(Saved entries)
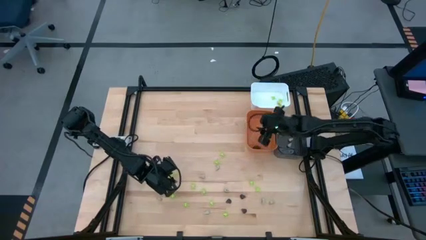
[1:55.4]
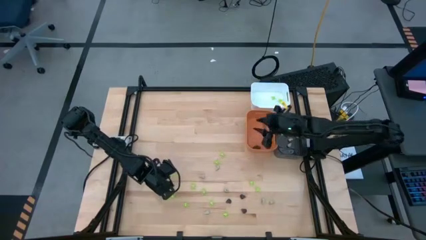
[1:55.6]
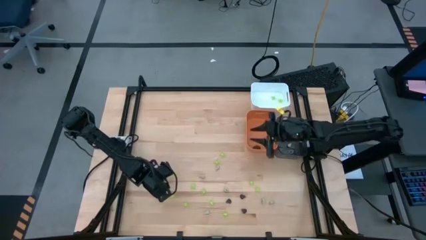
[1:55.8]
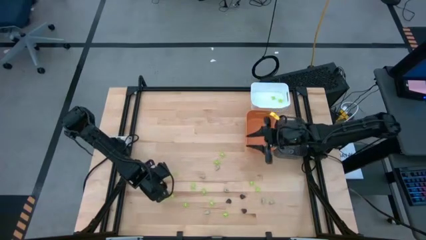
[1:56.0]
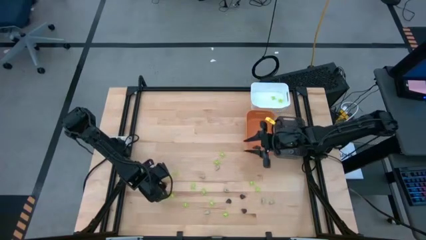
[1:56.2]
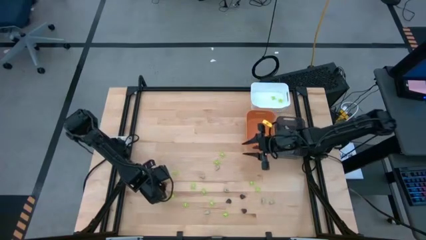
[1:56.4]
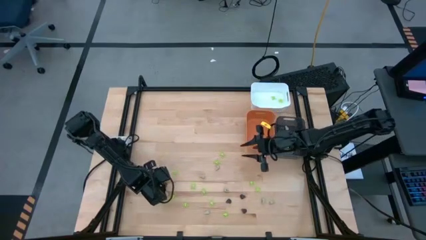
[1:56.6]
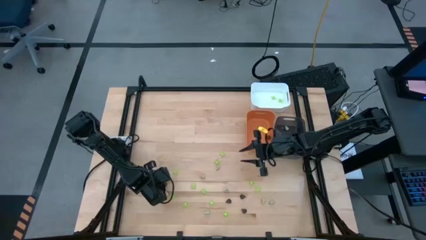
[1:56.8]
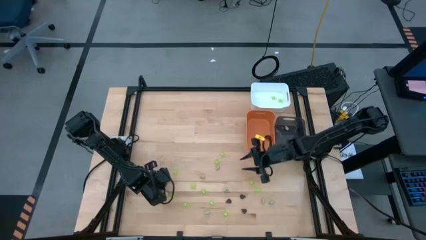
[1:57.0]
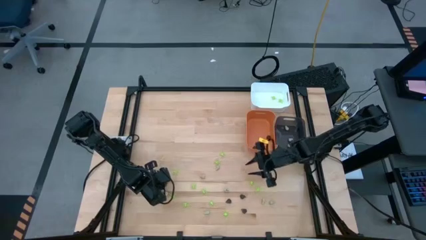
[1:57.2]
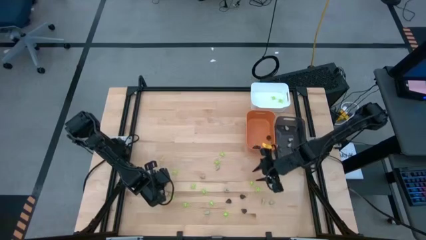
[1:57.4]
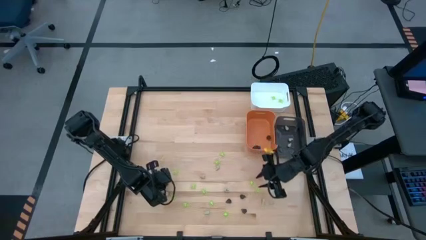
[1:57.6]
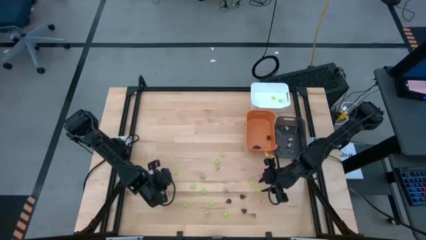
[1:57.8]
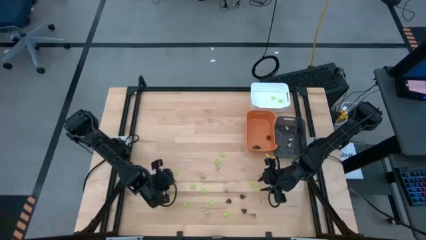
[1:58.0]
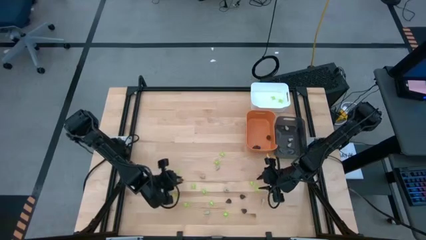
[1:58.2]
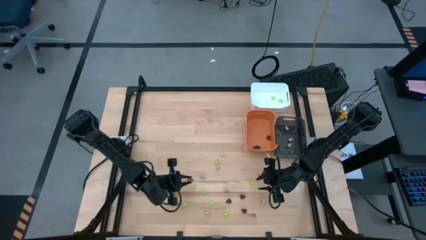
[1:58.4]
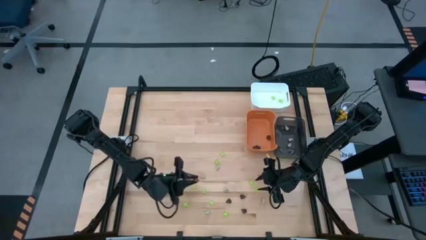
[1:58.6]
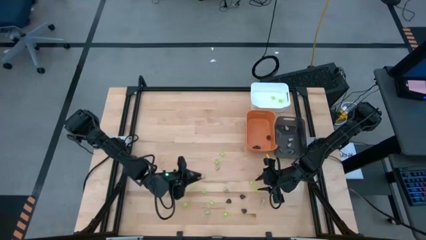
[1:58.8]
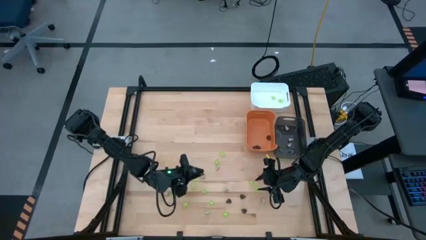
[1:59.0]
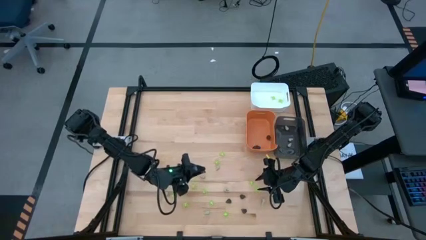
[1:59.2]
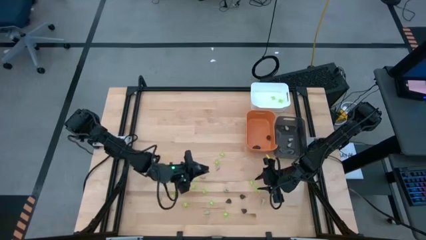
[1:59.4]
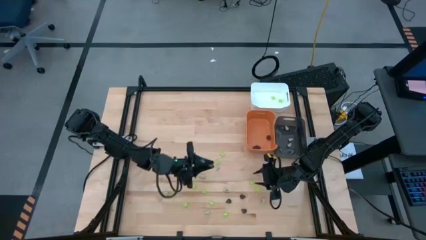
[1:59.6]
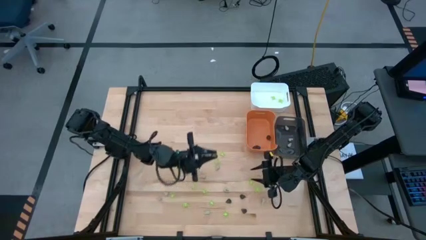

**INSTRUCTIONS FOR THE TASK**
Write all the entries again word for word, minus the pictures.

**RESULT OF THE EXERCISE**
[1:55.4]
[1:55.6]
[1:55.8]
[1:56.0]
[1:56.2]
[1:56.4]
[1:56.6]
[1:56.8]
[1:57.0]
[1:57.2]
[1:57.4]
[1:57.6]
[1:57.8]
[1:58.0]
[1:58.2]
[1:58.4]
[1:58.6]
[1:58.8]
[1:59.0]
[1:59.2]
[1:59.4]
[1:59.6]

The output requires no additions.